On some systems, you may need to use pip2 to install under Python 2, or pip3 to install under Python 3. You may also need to prefix these commands with sudo to authorize installation. In environments without super-user privileges, you may want to use pip’s --user option, to install only for a single user, rather than system-wide. Finally, in cases where pip is not well-configured to match a specific Python interpreter you want to use, a useful fallback:

python3.6 -m pip install -U intspan

Testing

intspan is tested twice before each release–once on the developer’s workstation, and once by the Travis CI continuous integration service. If you’d like to also run the module tests locally, you’ll need to install pytest and tox. For full testing, you will also need pytest-cov and coverage. Then run one of these commands:

tox                # normal test run, across all currently-supported versions
tox -e py27        # run for a environment only (e.g. py27)
tox -c toxcov.ini  # run full coverage tests

Change Log

1.5.15 (January 25, 2019)

Documentation tweaked.

Dropped unused argument to spanlist().

1.5.13 (June 3, 2018)

Documentation tweaks.

1.5.12 (June 2, 2018)

Updated testing matrix. Now includes Python 3.7 pre-release.

Tox tests trimmed in favor of Travis CI.

1.5.11 (October 13, 2017)

Add pyproject.toml for PEP 508 conformance

1.5.10 (May 30, 2017)

Update Python version compatibility strategy. Now Python 3 centric. More future-proofed.

Updated testing matrix. Tweaked docs.

1.5.8 (February 9, 2017)

Changed from module to package builds.

1.5.5 (February 1, 2017)

Documentation upgrades.

1.5.4 (January 31, 2017)

Tested and certified for all early 2017 versions of Python including latest builds of 2.6, 2.7, 3.3, 3.4, 3.5, and 3.6, as well as latest PyPy and PyPy3.

1.5.3 (June 21, 2016)

Tested and certified for Python 2.7.11, 3.4.4, 3.5.1, 3.6.0a2, PyPy 3.5.1 (based on Python 2.7.10), and PyPy3 5.2.0-alpha0 (based on Python 3.3.5). Python 3.2 is deprecated due to its advancing age and now-limited compatibility with my test rig. It still passes Travis CI tests–but as soon as it does not, it will be withdrawn from support.

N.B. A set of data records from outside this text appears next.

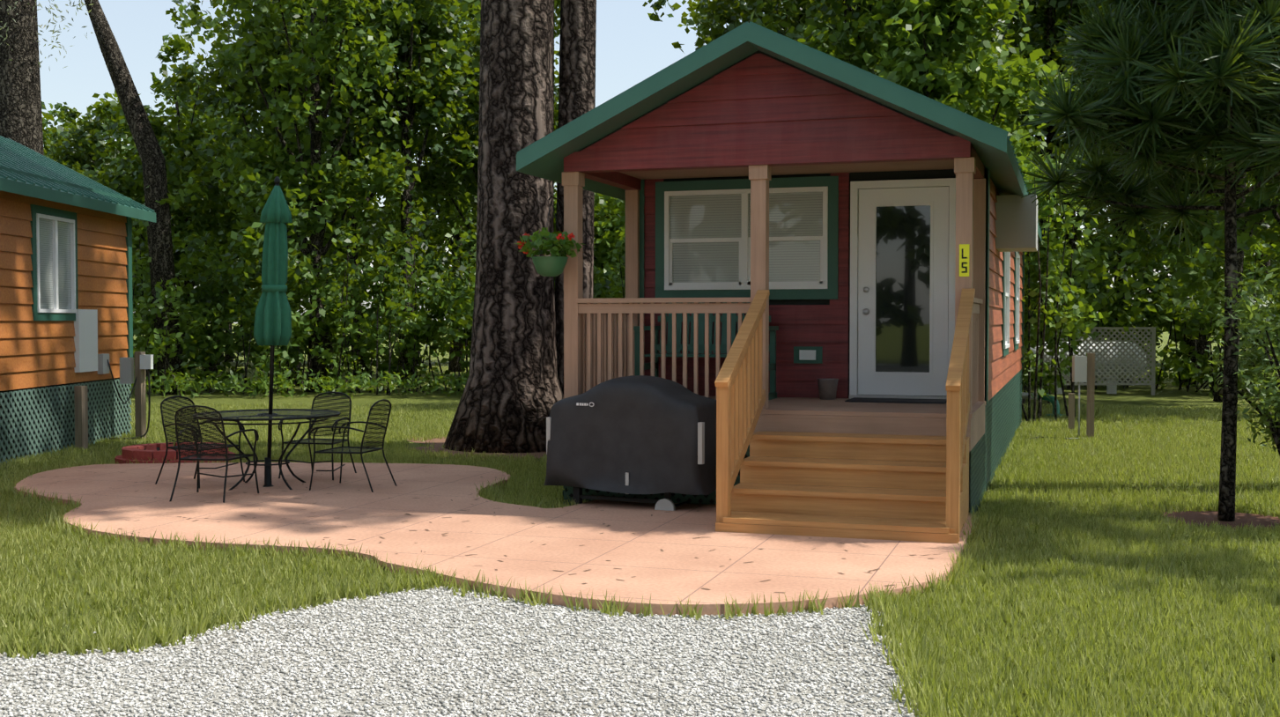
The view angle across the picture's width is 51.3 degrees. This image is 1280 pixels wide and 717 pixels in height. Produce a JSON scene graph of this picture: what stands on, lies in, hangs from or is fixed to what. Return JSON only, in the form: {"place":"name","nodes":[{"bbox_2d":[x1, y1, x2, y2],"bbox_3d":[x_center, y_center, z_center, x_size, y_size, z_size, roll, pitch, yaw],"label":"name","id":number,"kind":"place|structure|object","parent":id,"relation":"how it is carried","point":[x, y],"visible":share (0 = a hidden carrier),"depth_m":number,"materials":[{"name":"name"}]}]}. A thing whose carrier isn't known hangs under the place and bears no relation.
{"place":"outdoors","nodes":[
{"label":"outdoors","id":0,"kind":"place"},
{"bbox_2d":[0,582,926,716],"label":"gravel","id":1,"kind":"structure","parent":0,"point":[441,651],"depth_m":6.29,"materials":[{"name":"grey gravel"}]},
{"bbox_2d":[14,462,972,615],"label":"patio","id":2,"kind":"structure","parent":0,"point":[444,517],"depth_m":9.81,"materials":[{"name":"concrete"}]},
{"bbox_2d":[155,395,244,488],"bbox_3d":[-4.295,0.828,12.940,0.688,0.922,0.641,1,2,27],"label":"patio chair","id":3,"kind":"object","parent":2,"relation":"on","point":[181,418],"visible":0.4,"depth_m":12.97,"materials":[{"name":"black metal"}]},
{"bbox_2d":[169,405,258,503],"bbox_3d":[-3.817,0.858,11.892,0.641,0.922,0.688,0,2,7],"label":"patio chair","id":4,"kind":"object","parent":2,"relation":"on","point":[216,454],"visible":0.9,"depth_m":11.69,"materials":[{"name":"black metal"}]},
{"bbox_2d":[192,408,340,490],"bbox_3d":[-3.544,0.912,12.698,1.361,0.779,1.361,1,2,18],"label":"patio table","id":5,"kind":"object","parent":2,"relation":"on","point":[274,415],"visible":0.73,"depth_m":12.55,"materials":[{"name":"black metal"}]},
{"bbox_2d":[253,176,292,487],"bbox_3d":[-3.544,-0.216,12.665,0.520,3.018,0.520,1,2,18],"label":"patio umbrella","id":6,"kind":"object","parent":2,"relation":"on","point":[272,328],"visible":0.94,"depth_m":12.58,"materials":[{"name":"green fabric"}]},
{"bbox_2d":[278,391,356,480],"bbox_3d":[-3.232,0.811,13.548,0.646,0.922,0.729,1,2,18],"label":"patio chair","id":7,"kind":"object","parent":2,"relation":"on","point":[332,440],"visible":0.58,"depth_m":13.73,"materials":[{"name":"black metal"}]},
{"bbox_2d":[308,399,397,492],"bbox_3d":[-2.686,0.839,12.569,0.712,0.922,0.641,1,2,18],"label":"patio chair","id":8,"kind":"object","parent":2,"relation":"on","point":[362,447],"visible":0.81,"depth_m":12.49,"materials":[{"name":"black metal"}]},
{"bbox_2d":[543,375,716,510],"bbox_3d":[-0.031,0.736,11.513,1.526,1.180,0.793,1,2,25],"label":"covered grill","id":9,"kind":"object","parent":2,"relation":"on","point":[638,434],"visible":0.98,"depth_m":11.21,"materials":[{"name":"black fabric"}]},
{"bbox_2d":[0,323,1279,716],"bbox_3d":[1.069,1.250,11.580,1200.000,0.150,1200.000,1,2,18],"label":"lawn","id":10,"kind":"structure","parent":0,"point":[1085,579],"depth_m":8.55,"materials":[{"name":"green plant"}]},
{"bbox_2d":[0,0,94,155],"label":"tree","id":11,"kind":"object","parent":10,"relation":"on","point":[20,111],"visible":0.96,"depth_m":26.32,"materials":[{"name":"grey plant"}]},
{"bbox_2d":[41,102,94,161],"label":"tree","id":12,"kind":"object","parent":10,"relation":"on","point":[48,131],"depth_m":44.27,"materials":[{"name":"plant"}]},
{"bbox_2d":[0,135,155,463],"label":"cabin","id":13,"kind":"object","parent":10,"relation":"on","point":[66,315],"visible":0.88,"depth_m":16.89,"materials":[{"name":"orange wood"}]},
{"bbox_2d":[73,385,88,450],"bbox_3d":[-7.121,0.759,16.995,0.110,0.820,0.110,1,2,18],"label":"short post","id":14,"kind":"object","parent":10,"relation":"on","point":[81,417],"visible":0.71,"depth_m":16.95,"materials":[{"name":"brown wood"}]},
{"bbox_2d":[41,101,182,303],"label":"tree","id":15,"kind":"object","parent":10,"relation":"on","point":[47,116],"depth_m":47.21,"materials":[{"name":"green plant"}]},
{"bbox_2d":[44,92,200,324],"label":"tree","id":16,"kind":"object","parent":10,"relation":"on","point":[77,153],"visible":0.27,"depth_m":42.28,"materials":[{"name":"plant"}]},
{"bbox_2d":[107,351,153,439],"bbox_3d":[-7.060,0.518,18.440,0.614,1.220,0.290,-1,2,-29],"label":"utility pedestal","id":17,"kind":"object","parent":10,"relation":"on","point":[143,361],"visible":0.94,"depth_m":18.46,"materials":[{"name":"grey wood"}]},
{"bbox_2d":[83,0,184,394],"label":"tree trunk","id":18,"kind":"object","parent":10,"relation":"on","point":[159,231],"visible":0.88,"depth_m":29.54,"materials":[{"name":"grey plant"}]},
{"bbox_2d":[131,217,184,377],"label":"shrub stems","id":19,"kind":"object","parent":10,"relation":"on","point":[136,266],"visible":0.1,"depth_m":29.71,"materials":[{"name":"plant"}]},
{"bbox_2d":[114,442,235,464],"bbox_3d":[-5.370,1.116,15.404,1.307,0.198,1.314,1,2,18],"label":"fire ring","id":20,"kind":"object","parent":10,"relation":"on","point":[147,452],"visible":0.42,"depth_m":14.93,"materials":[{"name":"red brick"}]},
{"bbox_2d":[81,32,268,360],"bbox_3d":[-12.332,-3.995,35.443,5.284,9.328,5.579,1,2,18],"label":"tree","id":21,"kind":"object","parent":10,"relation":"on","point":[188,212],"visible":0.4,"depth_m":34.90,"materials":[{"name":"plant"}]},
{"bbox_2d":[79,79,281,374],"bbox_3d":[-13.944,-4.121,40.907,7.122,9.296,7.284,1,2,18],"label":"tree","id":22,"kind":"object","parent":10,"relation":"on","point":[185,107],"visible":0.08,"depth_m":39.73,"materials":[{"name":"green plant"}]},
{"bbox_2d":[132,273,237,396],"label":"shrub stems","id":23,"kind":"object","parent":10,"relation":"on","point":[149,340],"visible":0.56,"depth_m":29.56,"materials":[{"name":"green plant"}]},
{"bbox_2d":[132,229,240,392],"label":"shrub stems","id":24,"kind":"object","parent":10,"relation":"on","point":[193,247],"visible":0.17,"depth_m":30.47,"materials":[{"name":"plant"}]},
{"bbox_2d":[133,282,266,393],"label":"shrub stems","id":25,"kind":"object","parent":10,"relation":"on","point":[229,350],"visible":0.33,"depth_m":30.57,"materials":[{"name":"plant"}]},
{"bbox_2d":[169,125,309,362],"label":"tree","id":26,"kind":"object","parent":10,"relation":"on","point":[235,288],"visible":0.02,"depth_m":51.04,"materials":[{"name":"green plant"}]},
{"bbox_2d":[179,217,317,394],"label":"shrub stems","id":27,"kind":"object","parent":10,"relation":"on","point":[237,280],"visible":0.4,"depth_m":30.38,"materials":[{"name":"plant"}]},
{"bbox_2d":[142,0,404,385],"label":"tree","id":28,"kind":"object","parent":10,"relation":"on","point":[218,78],"visible":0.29,"depth_m":32.64,"materials":[{"name":"plant"}]},
{"bbox_2d":[128,367,469,399],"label":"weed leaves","id":29,"kind":"object","parent":10,"relation":"on","point":[365,381],"visible":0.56,"depth_m":28.57,"materials":[{"name":"green plant"}]},
{"bbox_2d":[201,0,400,369],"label":"tree","id":30,"kind":"object","parent":10,"relation":"on","point":[256,93],"depth_m":40.91,"materials":[{"name":"plant"}]},
{"bbox_2d":[140,0,472,392],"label":"tree","id":31,"kind":"object","parent":10,"relation":"on","point":[318,172],"visible":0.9,"depth_m":29.97,"materials":[{"name":"green plant"}]},
{"bbox_2d":[243,256,373,397],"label":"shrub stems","id":32,"kind":"object","parent":10,"relation":"on","point":[326,354],"visible":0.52,"depth_m":29.95,"materials":[{"name":"plant"}]},
{"bbox_2d":[199,139,424,358],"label":"tree","id":33,"kind":"object","parent":10,"relation":"on","point":[258,290],"visible":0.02,"depth_m":48.62,"materials":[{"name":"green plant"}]},
{"bbox_2d":[259,274,398,392],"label":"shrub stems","id":34,"kind":"object","parent":10,"relation":"on","point":[332,329],"visible":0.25,"depth_m":31.43,"materials":[{"name":"plant"}]},
{"bbox_2d":[292,219,419,395],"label":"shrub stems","id":35,"kind":"object","parent":10,"relation":"on","point":[351,239],"visible":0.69,"depth_m":30.04,"materials":[{"name":"green plant"}]},
{"bbox_2d":[284,3,480,376],"bbox_3d":[-8.462,-6.274,39.800,7.650,13.635,8.362,1,2,18],"label":"tree","id":36,"kind":"object","parent":10,"relation":"on","point":[475,48],"visible":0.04,"depth_m":39.55,"materials":[{"name":"plant"}]},
{"bbox_2d":[320,197,448,393],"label":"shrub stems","id":37,"kind":"object","parent":10,"relation":"on","point":[376,275],"visible":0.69,"depth_m":30.49,"materials":[{"name":"green plant"}]},
{"bbox_2d":[306,128,476,363],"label":"tree","id":38,"kind":"object","parent":10,"relation":"on","point":[363,252],"visible":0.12,"depth_m":48.36,"materials":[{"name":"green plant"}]},
{"bbox_2d":[304,0,480,387],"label":"tree","id":39,"kind":"object","parent":10,"relation":"on","point":[430,31],"visible":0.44,"depth_m":32.78,"materials":[{"name":"green plant"}]},
{"bbox_2d":[321,0,480,371],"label":"tree","id":40,"kind":"object","parent":10,"relation":"on","point":[428,152],"depth_m":42.54,"materials":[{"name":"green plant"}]},
{"bbox_2d":[334,255,473,392],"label":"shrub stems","id":41,"kind":"object","parent":10,"relation":"on","point":[423,333],"visible":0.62,"depth_m":30.66,"materials":[{"name":"plant"}]},
{"bbox_2d":[384,267,475,394],"bbox_3d":[-3.841,-0.630,29.731,3.352,2.949,2.873,1,2,18],"label":"tree","id":42,"kind":"object","parent":10,"relation":"on","point":[462,292],"visible":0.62,"depth_m":29.34,"materials":[{"name":"plant"}]},
{"bbox_2d":[409,229,476,391],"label":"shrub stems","id":43,"kind":"object","parent":10,"relation":"on","point":[464,248],"visible":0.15,"depth_m":31.29,"materials":[{"name":"plant"}]},
{"bbox_2d":[431,220,476,361],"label":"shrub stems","id":44,"kind":"object","parent":10,"relation":"on","point":[463,234],"depth_m":31.01,"materials":[{"name":"plant"}]},
{"bbox_2d":[357,0,560,351],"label":"tree trunk","id":45,"kind":"object","parent":10,"relation":"on","point":[434,176],"visible":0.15,"depth_m":35.44,"materials":[{"name":"plant"}]},
{"bbox_2d":[405,436,547,461],"bbox_3d":[-1.366,1.145,17.662,3.686,0.001,3.652,-1,2,-33],"label":"mulch bed","id":46,"kind":"object","parent":10,"relation":"on","point":[439,442],"visible":0.05,"depth_m":17.01,"materials":[{"name":"brown soil"}]},
{"bbox_2d":[443,0,596,453],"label":"pine trunk","id":47,"kind":"object","parent":46,"relation":"on","point":[513,394],"visible":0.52,"depth_m":16.93,"materials":[{"name":"brown plant"}]},
{"bbox_2d":[399,131,596,349],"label":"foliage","id":48,"kind":"object","parent":10,"relation":"on","point":[425,211],"depth_m":50.14,"materials":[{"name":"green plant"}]},
{"bbox_2d":[436,0,599,265],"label":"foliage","id":49,"kind":"object","parent":10,"relation":"on","point":[477,36],"depth_m":39.39,"materials":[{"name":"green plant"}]},
{"bbox_2d":[554,184,625,298],"bbox_3d":[-0.554,-2.531,38.198,5.929,6.266,5.773,0,2,4],"label":"tree","id":50,"kind":"object","parent":10,"relation":"on","point":[601,250],"visible":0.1,"depth_m":37.01,"materials":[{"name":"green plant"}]},
{"bbox_2d":[554,268,625,298],"bbox_3d":[-1.416,-0.934,29.584,2.888,3.568,3.252,-1,2,-21],"label":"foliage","id":51,"kind":"object","parent":10,"relation":"on","point":[598,292],"visible":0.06,"depth_m":28.57,"materials":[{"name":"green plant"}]},
{"bbox_2d":[593,194,625,298],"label":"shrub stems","id":52,"kind":"object","parent":10,"relation":"on","point":[616,290],"visible":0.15,"depth_m":30.98,"materials":[{"name":"plant"}]},
{"bbox_2d":[610,0,851,274],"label":"tree trunk","id":53,"kind":"object","parent":10,"relation":"on","point":[721,13],"visible":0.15,"depth_m":30.07,"materials":[{"name":"plant"}]},
{"bbox_2d":[514,21,1042,543],"bbox_3d":[2.638,-0.863,16.335,4.320,4.102,13.475,1,2,18],"label":"cabin","id":54,"kind":"object","parent":10,"relation":"on","point":[821,303],"visible":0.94,"depth_m":11.68,"materials":[{"name":"red wood"}]},
{"bbox_2d":[667,0,926,48],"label":"tree trunk","id":55,"kind":"object","parent":10,"relation":"on","point":[694,28],"depth_m":39.21,"materials":[{"name":"plant"}]},
{"bbox_2d":[744,0,1018,110],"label":"tree","id":56,"kind":"object","parent":10,"relation":"on","point":[836,11],"visible":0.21,"depth_m":25.55,"materials":[{"name":"plant"}]},
{"bbox_2d":[843,0,1020,103],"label":"tree trunk","id":57,"kind":"object","parent":10,"relation":"on","point":[1006,41],"visible":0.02,"depth_m":30.09,"materials":[{"name":"plant"}]},
{"bbox_2d":[802,0,1080,349],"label":"tree","id":58,"kind":"object","parent":10,"relation":"on","point":[1006,85],"visible":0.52,"depth_m":24.24,"materials":[{"name":"green plant"}]},
{"bbox_2d":[961,22,1012,116],"bbox_3d":[7.566,-6.735,37.942,7.436,14.648,7.472,-1,2,-20],"label":"tree trunk","id":59,"kind":"object","parent":10,"relation":"on","point":[992,38],"depth_m":34.98,"materials":[{"name":"plant"}]},
{"bbox_2d":[1021,392,1065,417],"bbox_3d":[6.951,0.792,22.942,0.796,0.415,0.400,1,2,18],"label":"sewer elbow","id":60,"kind":"object","parent":10,"relation":"on","point":[1024,395],"visible":0.56,"depth_m":22.87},
{"bbox_2d":[988,5,1111,213],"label":"tree trunk","id":61,"kind":"object","parent":10,"relation":"on","point":[1106,208],"depth_m":41.29,"materials":[{"name":"plant"}]},
{"bbox_2d":[996,115,1111,423],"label":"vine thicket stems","id":62,"kind":"object","parent":10,"relation":"on","point":[1045,260],"visible":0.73,"depth_m":21.98,"materials":[{"name":"green plant"}]},
{"bbox_2d":[977,0,1140,385],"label":"tree","id":63,"kind":"object","parent":10,"relation":"on","point":[1017,25],"visible":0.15,"depth_m":33.08,"materials":[{"name":"plant"}]},
{"bbox_2d":[1025,353,1095,441],"bbox_3d":[5.653,0.528,18.421,1.346,1.200,0.444,-1,2,-24],"label":"utility post","id":64,"kind":"object","parent":10,"relation":"on","point":[1083,368],"visible":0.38,"depth_m":18.48,"materials":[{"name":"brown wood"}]},
{"bbox_2d":[1021,191,1099,404],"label":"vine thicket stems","id":65,"kind":"object","parent":10,"relation":"on","point":[1051,339],"depth_m":26.50,"materials":[{"name":"plant"}]},
{"bbox_2d":[1068,393,1074,429],"bbox_3d":[6.518,0.804,20.141,0.090,0.550,0.090,1,2,18],"label":"utility post","id":66,"kind":"object","parent":10,"relation":"on","point":[1071,410],"visible":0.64,"depth_m":20.10,"materials":[{"name":"brown wood"}]},
{"bbox_2d":[1025,336,1146,393],"bbox_3d":[10.097,0.131,30.226,2.740,1.320,0.840,0,2,-1],"label":"propane tank","id":67,"kind":"object","parent":10,"relation":"on","point":[1111,388],"visible":0.17,"depth_m":29.91,"materials":[{"name":"white metal"}]},
{"bbox_2d":[1045,250,1136,385],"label":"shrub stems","id":68,"kind":"object","parent":10,"relation":"on","point":[1118,297],"visible":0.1,"depth_m":32.63,"materials":[{"name":"plant"}]},
{"bbox_2d":[1042,326,1155,395],"bbox_3d":[10.105,0.061,29.424,2.563,1.505,0.101,0,2,-1],"label":"lattice screen","id":69,"kind":"object","parent":10,"relation":"on","point":[1152,352],"visible":0.5,"depth_m":29.41,"materials":[{"name":"grey wood"}]},
{"bbox_2d":[1023,136,1174,356],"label":"tree trunk","id":70,"kind":"object","parent":10,"relation":"on","point":[1085,219],"visible":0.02,"depth_m":48.45,"materials":[{"name":"plant"}]},
{"bbox_2d":[1000,13,1211,340],"bbox_3d":[13.144,-6.645,39.096,7.688,14.391,6.659,2,2,44],"label":"tree","id":71,"kind":"object","parent":10,"relation":"on","point":[1078,218],"visible":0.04,"depth_m":38.85,"materials":[{"name":"plant"}]},
{"bbox_2d":[1048,269,1176,389],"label":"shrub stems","id":72,"kind":"object","parent":10,"relation":"on","point":[1120,288],"visible":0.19,"depth_m":31.98,"materials":[{"name":"plant"}]},
{"bbox_2d":[986,0,1252,385],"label":"tree","id":73,"kind":"object","parent":10,"relation":"on","point":[1043,33],"visible":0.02,"depth_m":33.59,"materials":[{"name":"plant"}]},
{"bbox_2d":[1035,82,1218,337],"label":"tree trunk","id":74,"kind":"object","parent":10,"relation":"on","point":[1093,237],"depth_m":42.64,"materials":[{"name":"plant"}]},
{"bbox_2d":[1081,242,1213,389],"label":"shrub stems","id":75,"kind":"object","parent":10,"relation":"on","point":[1135,266],"visible":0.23,"depth_m":32.41,"materials":[{"name":"plant"}]},
{"bbox_2d":[1057,194,1255,350],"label":"tree trunk","id":76,"kind":"object","parent":10,"relation":"on","point":[1154,237],"depth_m":49.19,"materials":[{"name":"plant"}]},
{"bbox_2d":[1035,0,1279,401],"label":"tree trunk","id":77,"kind":"object","parent":10,"relation":"on","point":[1175,300],"visible":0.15,"depth_m":26.35,"materials":[{"name":"plant"}]},
{"bbox_2d":[1082,127,1279,384],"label":"tree trunk","id":78,"kind":"object","parent":10,"relation":"on","point":[1172,246],"visible":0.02,"depth_m":33.34,"materials":[{"name":"plant"}]},
{"bbox_2d":[1093,155,1279,378],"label":"tree trunk","id":79,"kind":"object","parent":10,"relation":"on","point":[1203,343],"depth_m":37.99,"materials":[{"name":"plant"}]},
{"bbox_2d":[1120,266,1268,390],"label":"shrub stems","id":80,"kind":"object","parent":10,"relation":"on","point":[1179,334],"visible":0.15,"depth_m":32.10,"materials":[{"name":"plant"}]},
{"bbox_2d":[1149,220,1279,397],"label":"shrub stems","id":81,"kind":"object","parent":10,"relation":"on","point":[1184,368],"visible":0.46,"depth_m":29.21,"materials":[{"name":"plant"}]},
{"bbox_2d":[1155,22,1279,281],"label":"tree trunk","id":82,"kind":"object","parent":10,"relation":"on","point":[1250,201],"visible":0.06,"depth_m":24.52,"materials":[{"name":"plant"}]},
{"bbox_2d":[1161,510,1279,531],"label":"mulch ground","id":83,"kind":"structure","parent":10,"relation":"on","point":[1243,519],"depth_m":11.05,"materials":[{"name":"brown soil"}]},
{"bbox_2d":[1018,0,1279,521],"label":"pine tree","id":84,"kind":"object","parent":83,"relation":"on","point":[1171,105],"visible":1,"depth_m":10.60,"materials":[{"name":"green plant"}]},
{"bbox_2d":[1161,261,1279,394],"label":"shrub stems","id":85,"kind":"object","parent":10,"relation":"on","point":[1186,331],"visible":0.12,"depth_m":30.63,"materials":[{"name":"plant"}]},
{"bbox_2d":[1162,180,1279,349],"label":"tree trunk","id":86,"kind":"object","parent":10,"relation":"on","point":[1271,261],"depth_m":47.47,"materials":[{"name":"plant"}]},
{"bbox_2d":[1198,263,1279,456],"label":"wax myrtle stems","id":87,"kind":"object","parent":10,"relation":"on","point":[1268,392],"visible":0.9,"depth_m":10.79,"materials":[{"name":"green plant"}]},
{"bbox_2d":[1216,236,1279,378],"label":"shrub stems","id":88,"kind":"object","parent":10,"relation":"on","point":[1276,250],"visible":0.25,"depth_m":30.34,"materials":[{"name":"plant"}]},
{"bbox_2d":[1220,74,1278,373],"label":"tree trunk","id":89,"kind":"object","parent":10,"relation":"on","point":[1267,263],"depth_m":41.80,"materials":[{"name":"plant"}]},
{"bbox_2d":[1250,303,1279,375],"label":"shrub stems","id":90,"kind":"object","parent":10,"relation":"on","point":[1275,313],"visible":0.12,"depth_m":28.54,"materials":[{"name":"plant"}]},
{"bbox_2d":[36,0,1256,323],"label":"sky","id":91,"kind":"structure","parent":0,"point":[631,48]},
{"bbox_2d":[1021,281,1082,385],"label":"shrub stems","id":92,"kind":"object","parent":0,"point":[1059,303],"visible":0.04,"depth_m":31.87,"materials":[{"name":"plant"}]}
]}

1.5.2 (September 23, 2015)

Tested and certified for PyPy 2.6.1 (based on Python 2.7.10)

1.5.1 (September 14, 2015)

Updated testing for Python 3.5.0 final.

1.5.0 (August 27, 2015)

Added universe method. Extended tests. Continuing to extend docs.

1.4.4 (August 27, 2015)

Improving documentation, especially around API details. Will probably require a handful of incremental passes to get the API reference ship-shape.

1.4.2 (August 26, 2015)

Reorganied documentation. Added API details and moved full docs to Read The Docs.

1.4.1

Achieves 100% branch coverage. Hooah!

1.4.0

Achieves 100% test coverage and integrated coverage testing across multiple versions with tox.

1.3.10

Improved test coverage and explicit coverage testing. Also tweaked docs.

1.3.9

Simplified setup.py and packaging.

1.3.7

Adds bdist_wheel packaging support.

1.3.6

Switches from BSD to Apache License 2.0 and integrates tox testing with setup.py

1.3.0

Adds * notation for abstract “the rest of the items” in an intspanlist.

1.2.6

Inaugurates continuous integration with Travis CI.

1.2.0

Adds an experimental spanlist constructor and intspanlist type.

1.1.0

Adds from_range and complement methods; improves error handling of pop on an empty set), and tweaks testing.

1.0.0

Immediately follows 0.73. Bumped to institute a cleaner “semantic versioning” scheme. Upgraded from “beta” to “production” status.

0.73.0

Updates testing to include the latest Python 3.4

0.7.0

Fixed parsing of spans including negative numbers, and added the ranges() method. As of 0.71, the from_ranges() constructor appeared.